Отец скользнул по мне потерянным взглядом, в котором мелькнул ужас.
– Во что превратилось мышление тех, кто давал клятву не навредить, – тихо пробормотал он, качая головой, – врачи убивают… Непостижимо…
– Ты должен понять, – терпеливо проговорил я, – теперь их первоочередной задачей стало здоровье всей страны в целом. Их долг – лечить не единичных безнадежных пациентов, а все общество. Жизнь, не имеющая ценности…
Отец резко перебил меня:
– Кто ты такой, сынок, чтобы решать, чья жизнь ценная, а чья уже нет?! Для кого она не имеет ценности? Для нашего фюрера? А для матери того ребенка ценность есть, и еще какая! Это же не корова, не коза, а тот, кто мыслит и осознает то, что с ним творят.
– Они не способны выполнять свое человеческое предназначение!
– А что ты скажешь насчет солдат – храбрых патриотов, которые вернулись с фронта искалеченными? А скольким еще предстоит вернуться без рук, без ног, слепыми, глухими. Их тоже? Инвалиды ведь. Разве можно…
– Нельзя! – резко проговорил я, устав изыскивать аргументы, чтобы парировать отцовский натиск. – Нельзя не подчиниться, пойми ты это, это преступно. Даже если б я думал как ты, я продолжил бы действовать как сейчас. Есть приказы. Я всего лишь солдат и гражданин рейха, живущий по его законам. Неподчинение равно предательству!
Отец посмотрел на меня, и в глазах его промелькнуло что-то сродни надежде. Я в ярости отвернулся.
– Используй свой разум хоть на секунду, – со страстью заговорил он, – соотнеси ты ваши приказы с нормами человеческого, и ты поймешь, что преступно как раз исполнять их! Это правда, сынок!
Я вновь обернулся и посмотрел на него:
– Чтобы говорить правду, нужно знать правду.
Я покачал головой и умолк. И он следом вдруг как-то вмиг осунулся, плечи опали, а страсть, с которой он еще секунду назад говорил, улетучилась. Он устал.

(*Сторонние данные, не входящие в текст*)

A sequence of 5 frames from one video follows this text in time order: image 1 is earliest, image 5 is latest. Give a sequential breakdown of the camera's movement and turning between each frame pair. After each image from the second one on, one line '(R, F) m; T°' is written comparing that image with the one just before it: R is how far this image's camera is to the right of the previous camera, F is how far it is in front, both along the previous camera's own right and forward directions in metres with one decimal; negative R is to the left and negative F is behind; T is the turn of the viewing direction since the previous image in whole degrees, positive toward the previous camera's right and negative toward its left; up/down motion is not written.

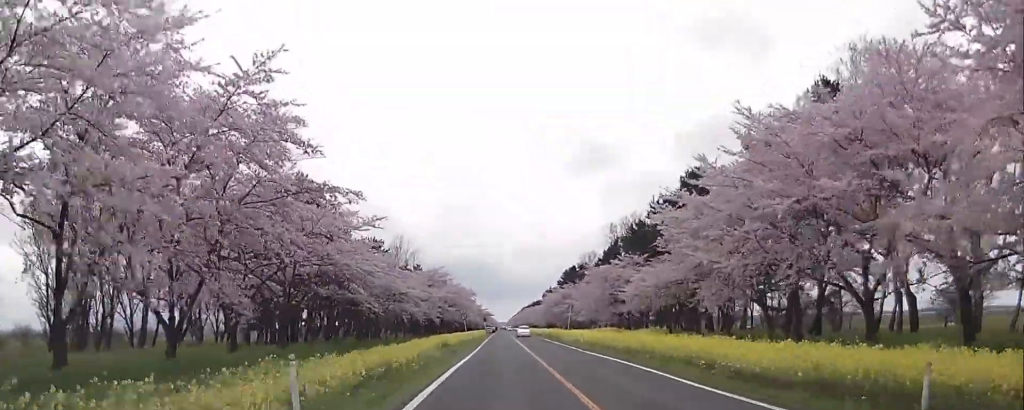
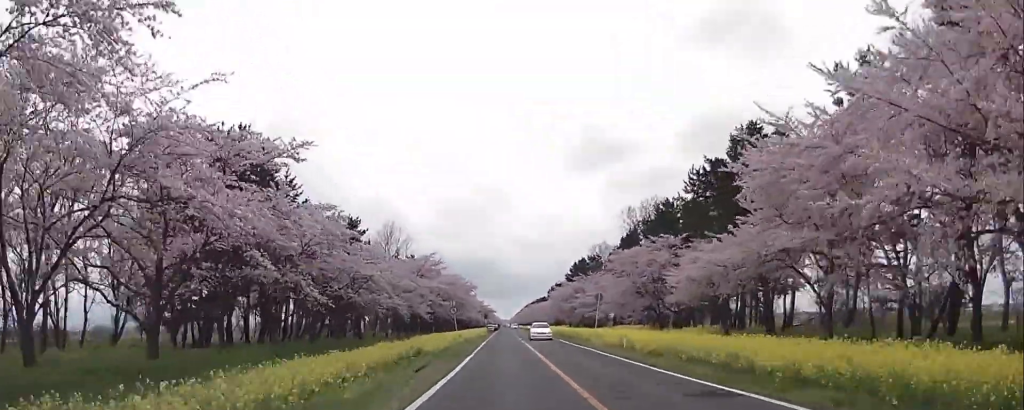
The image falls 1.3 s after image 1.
(+0.1, +16.5) m; -2°
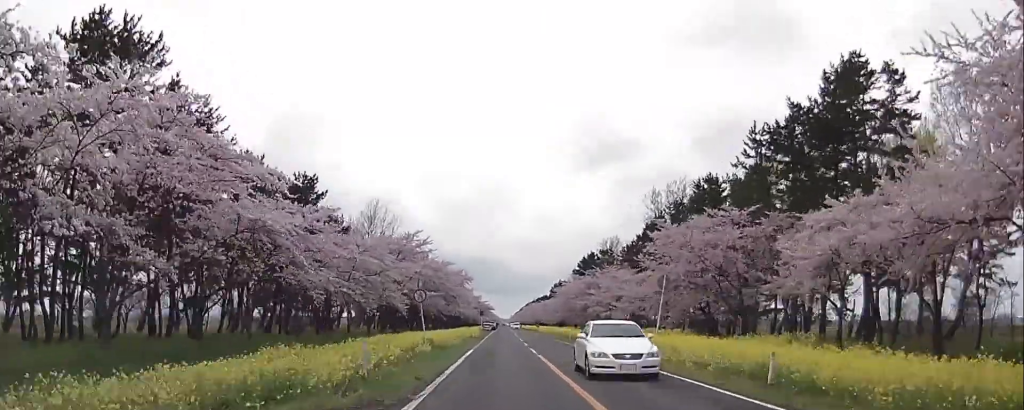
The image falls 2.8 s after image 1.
(-0.2, +18.4) m; +1°
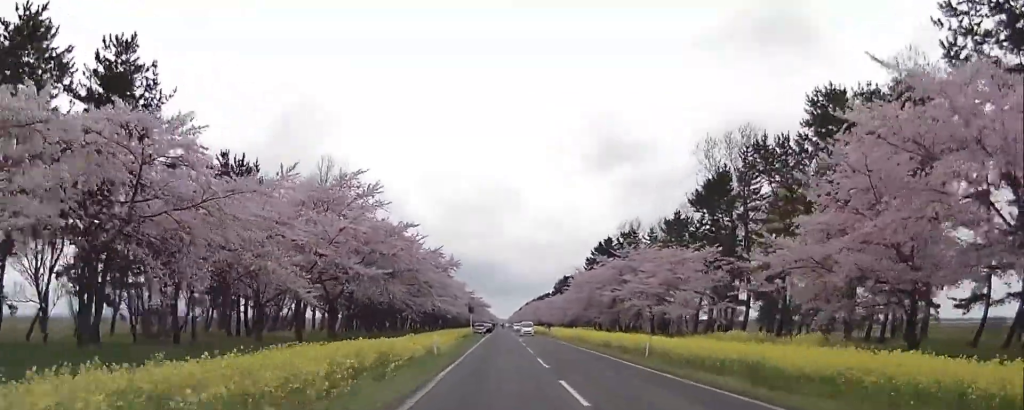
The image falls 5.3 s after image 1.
(+0.6, +30.2) m; +1°
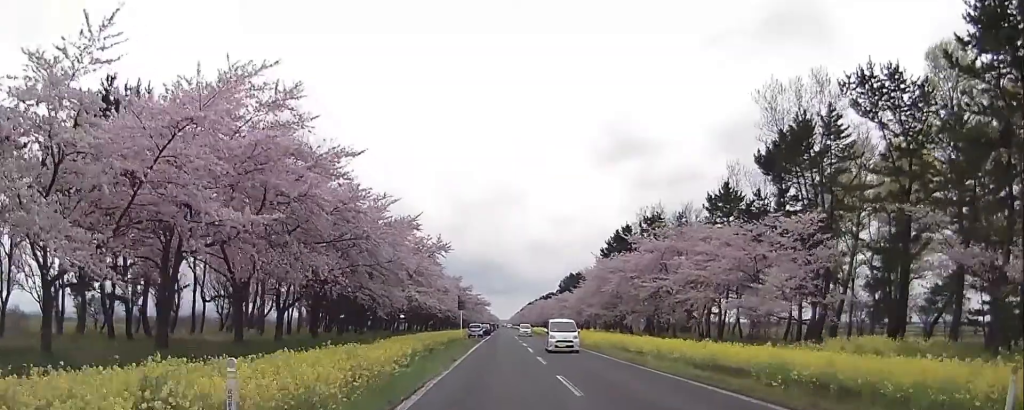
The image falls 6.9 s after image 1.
(0.0, +19.1) m; -2°
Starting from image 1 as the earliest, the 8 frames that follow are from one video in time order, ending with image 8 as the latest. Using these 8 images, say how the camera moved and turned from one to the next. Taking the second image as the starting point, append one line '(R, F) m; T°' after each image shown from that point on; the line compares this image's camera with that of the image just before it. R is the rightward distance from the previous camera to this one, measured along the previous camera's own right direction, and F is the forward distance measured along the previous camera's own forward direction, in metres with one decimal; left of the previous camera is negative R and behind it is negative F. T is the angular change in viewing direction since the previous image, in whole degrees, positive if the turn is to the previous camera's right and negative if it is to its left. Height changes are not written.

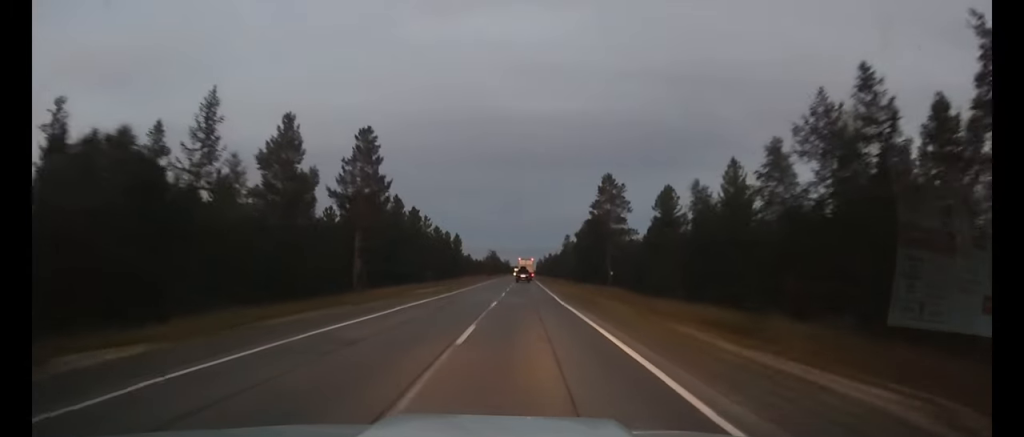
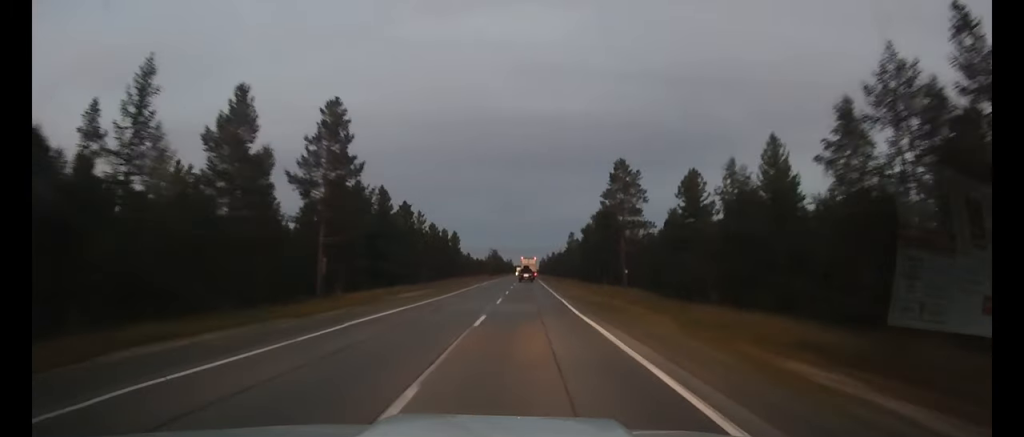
(0.0, +8.2) m; 0°
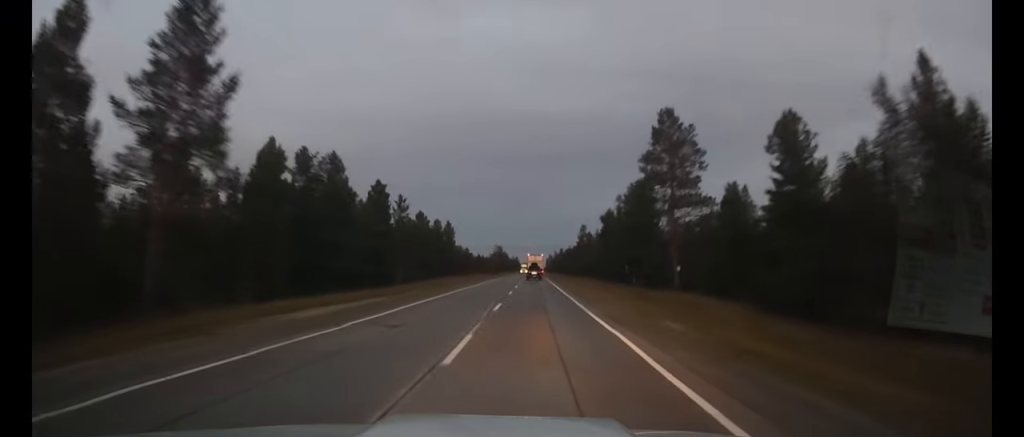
(-0.1, +18.3) m; 0°
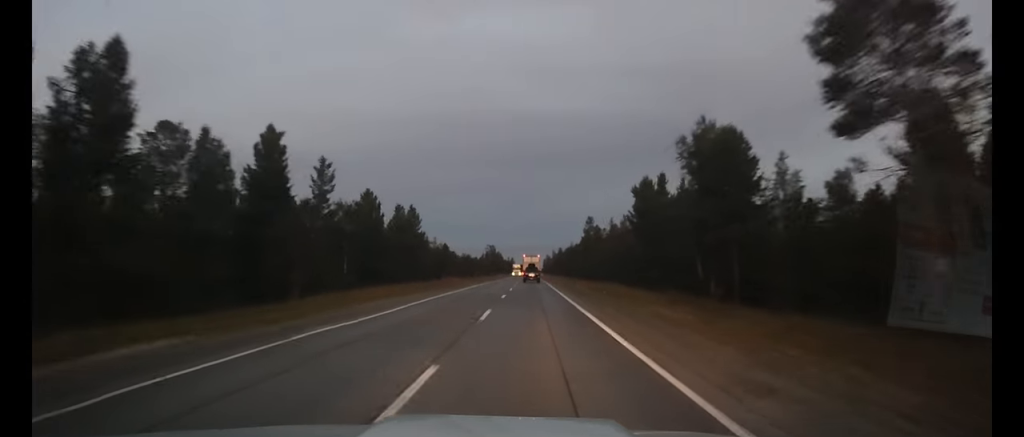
(-0.1, +28.3) m; 0°
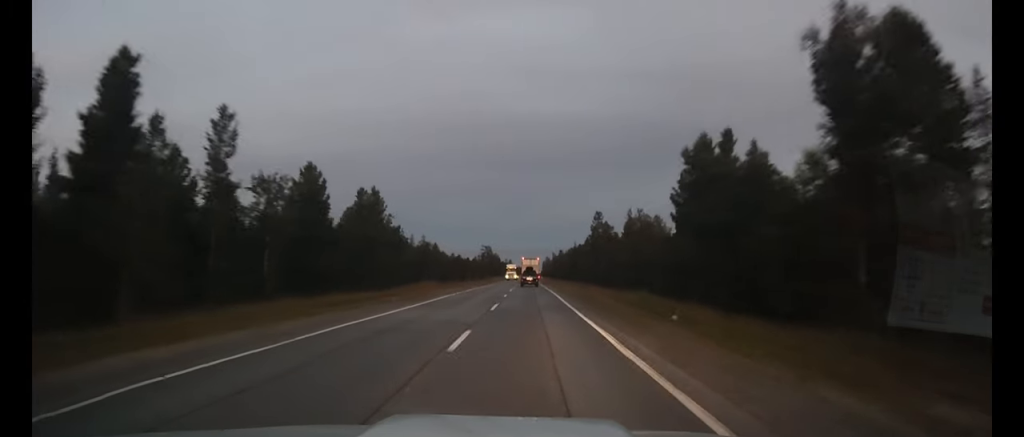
(0.0, +18.0) m; 0°
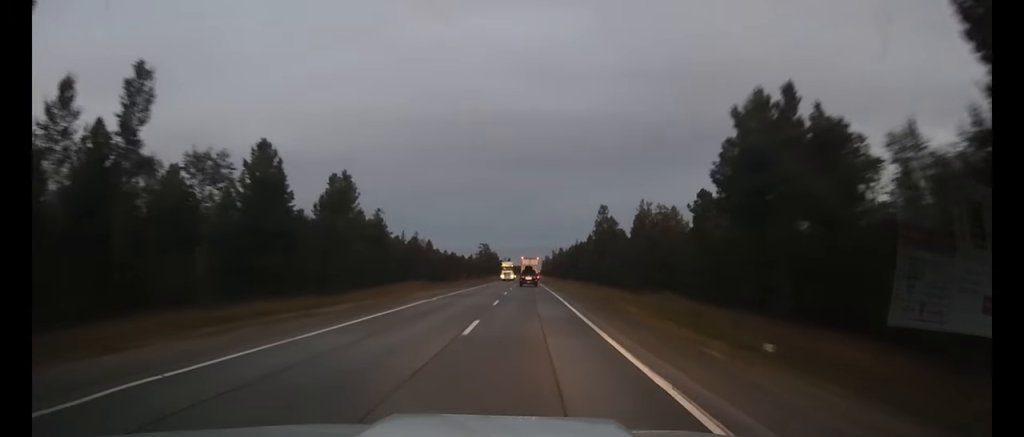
(0.0, +9.2) m; 0°
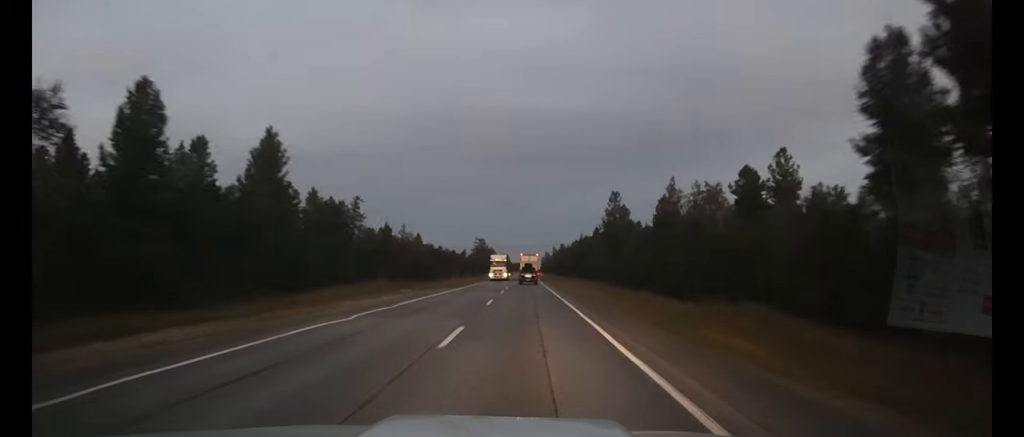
(0.0, +15.3) m; 0°
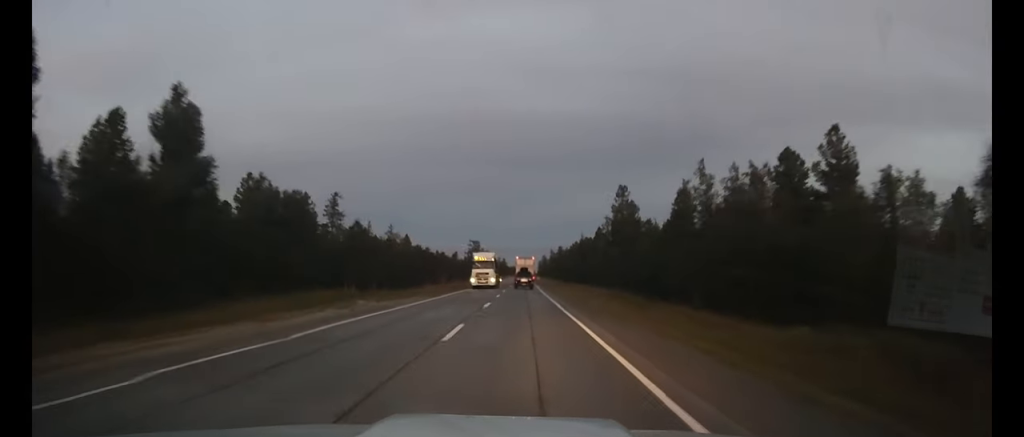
(0.0, +10.7) m; 0°

Я достал портсигар и молча протянул ему. Он взял. Закурили.
Этим же вечером я уехал из Розенхайма, будучи не в силах остаться хотя бы до следующего дня. Перспектива провести с отцом под одной крышей даже одну ночь приводила меня в ужас.
В Ораниенбурге меня ожидало письмо от тети Ильзы. Его мне услужливо передала хозяйка квартиры, которую я нанимал.